My mother looks at Rae for a long moment, then she gazes past them to the building clouds on the horizon. The worry of the past few weeks is plain in her expression. At last, she simply stands up and hands Rae the rain gauge, shaking her head. “That time is long past, Rae,” she says. “Don’t tempt the sky.” Then she climbs on her bike and pedals off in one smooth motion, leaving us standing in the dust.

***

There they are. 

I screech my bike to a halt and pick up the gloves. Sure enough, they must have fallen out of my pocket at our abrupt stop at the rain gauge yesterday.

There’s another rumble off in the distance. I look up at the sky as I catch my breath. It’s hard to believe it’s midday. I never knew clouds could be so dark gray. Not auspicious biking weather, to be sure. I could’ve gotten the gloves another day, but as I watched the clouds build and darken from the safely of the oasis, I somehow felt I needed to see them out here, up close.

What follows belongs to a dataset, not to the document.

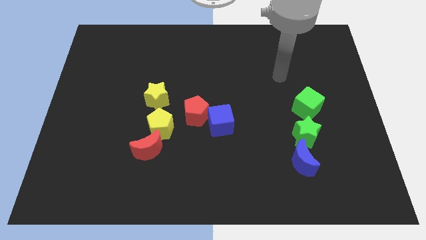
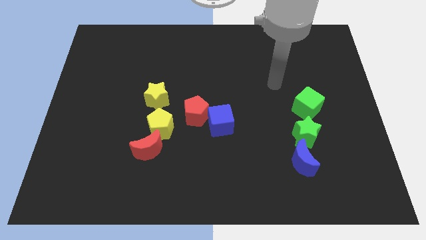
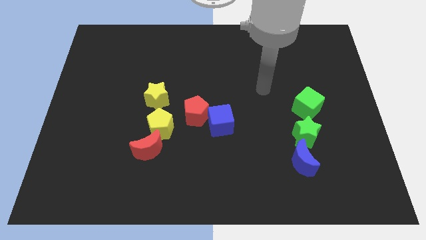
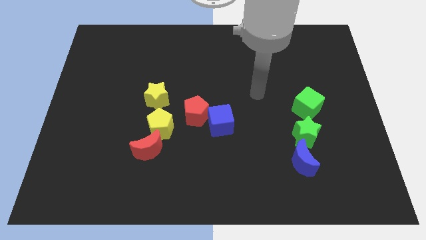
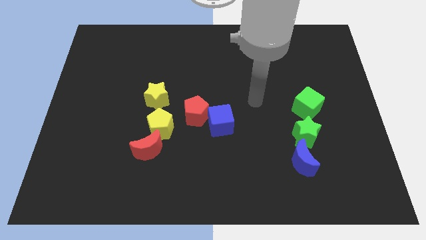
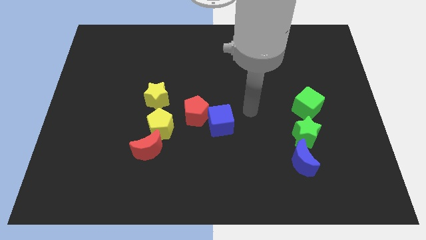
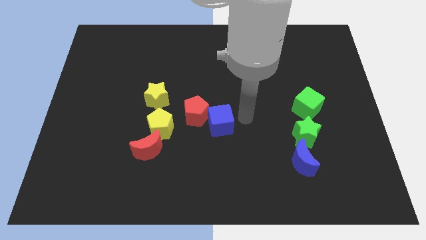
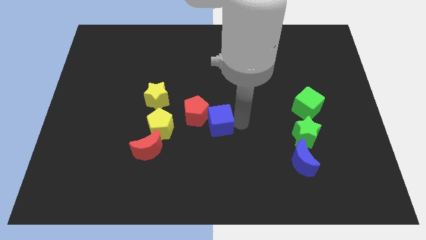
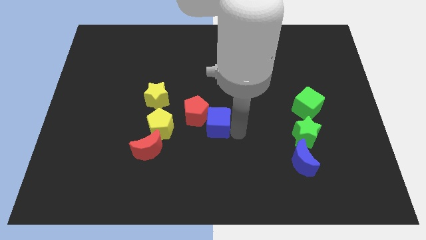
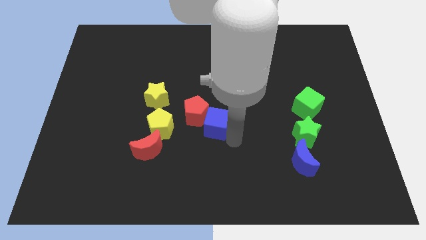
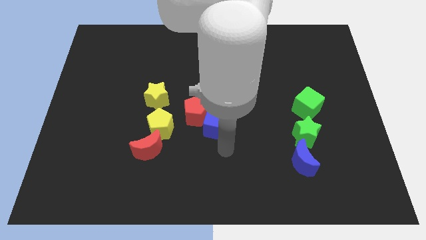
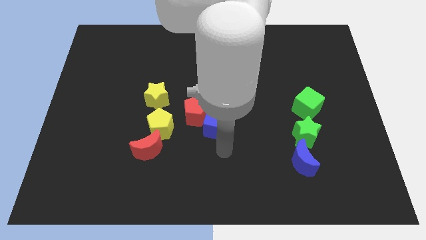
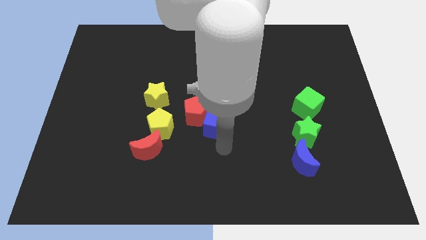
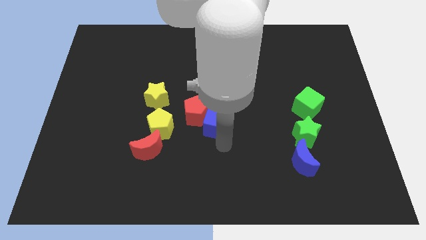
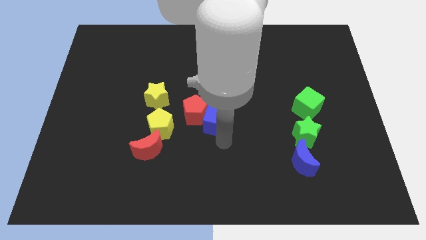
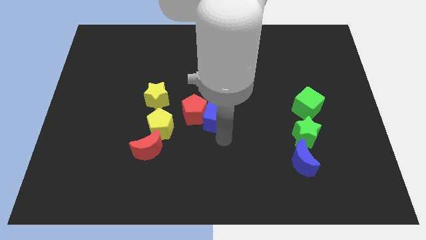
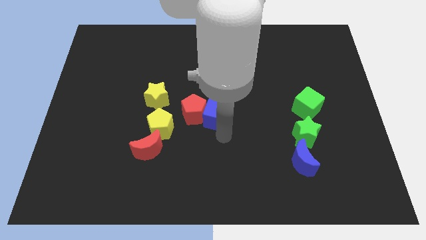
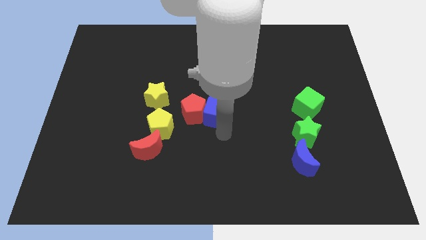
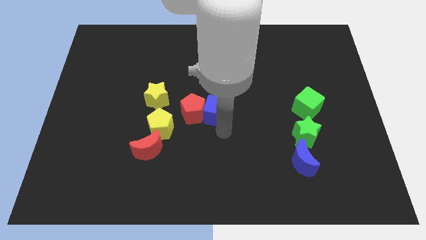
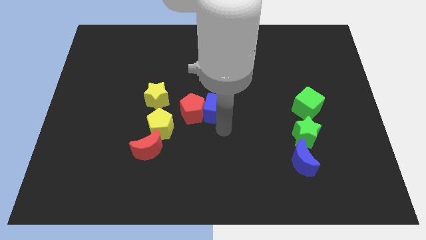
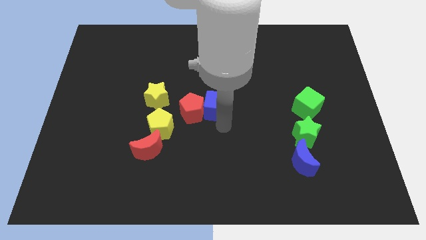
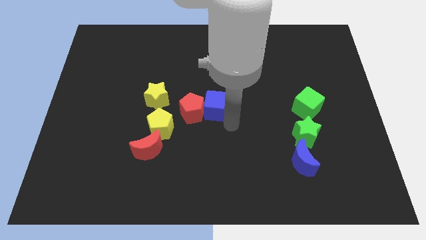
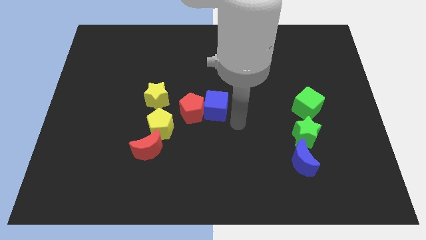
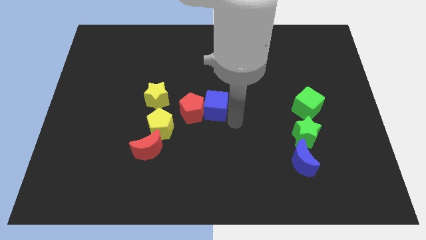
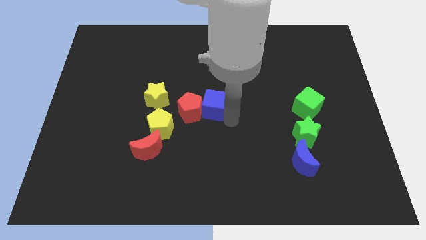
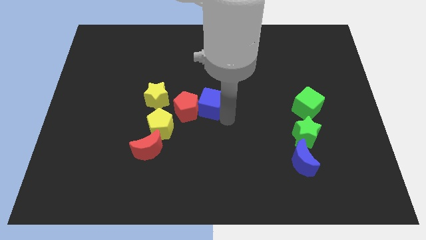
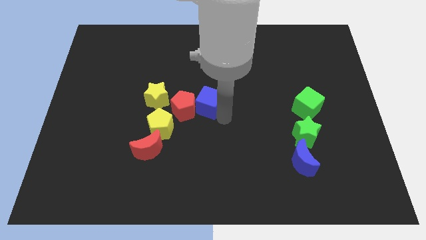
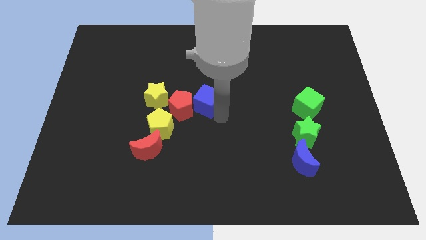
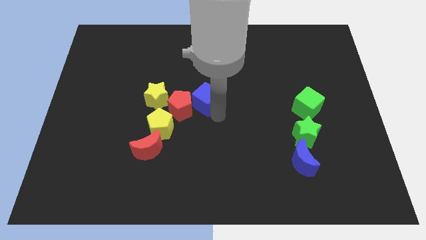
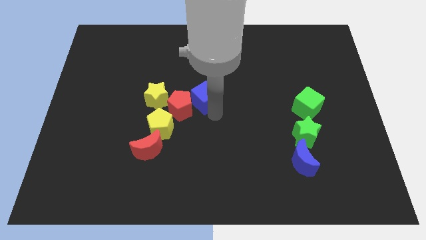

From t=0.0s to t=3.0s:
slightly slide the blue cube up and left

Then I hear it. The rushing sound behind me. It’s so different from the gentle pattering of rain in the oasis that it takes me a moment to realize that’s what it is. 

Rain.

I turn around to look. I see a hazy sheet, like there is over the aquifer when the clouds are being drained there. But this one is coming toward me.

And then, it’s here. It’s happening.

The rain has broken out.

I ought to be horrified. These drops represent food we could have grown, showers we could have taken, fresh water we could have drunk.

I open my mouth and turn my face up, catching some of the water pelting down from the sky, and find I have to close my eyes.

I should be afraid. And I am. But there’s something else here too. A feeling of awe, maybe. Something… alive.

Maybe I don’t truly understand what this means, and that’s why I don’t fear it as much as I should. Or maybe it’s just that something inside me, encoded more deeply even than irrationality in my DNA, still knows the feeling that rain on dry land means life. 

Maybe I’m the rain gauge.

And it’s not just me. I know there are seeds in this soil. Perhaps not many of them have survived 20 years without water. But any that have can now sprout, for a brief time come to life until, hopefully for us, they have no more rain.

Thunder sounds again, closer this time, and I climb back on my bike. I’ll try to pedal back quickly. My mother has enough to worry about besides me getting electrocuted. And I don’t much fancy it myself. I’ll return to the oasis, where we together can commiserate and worry over the rain.

But as I begin my soggy ride home, raindrops pelting my face, I know that if I can, I’m going to come back out here in the days and weeks ahead, see what has sprouted in this newly dampened ground. Since I cannot stop the rain, I want to watch the dryland come to life.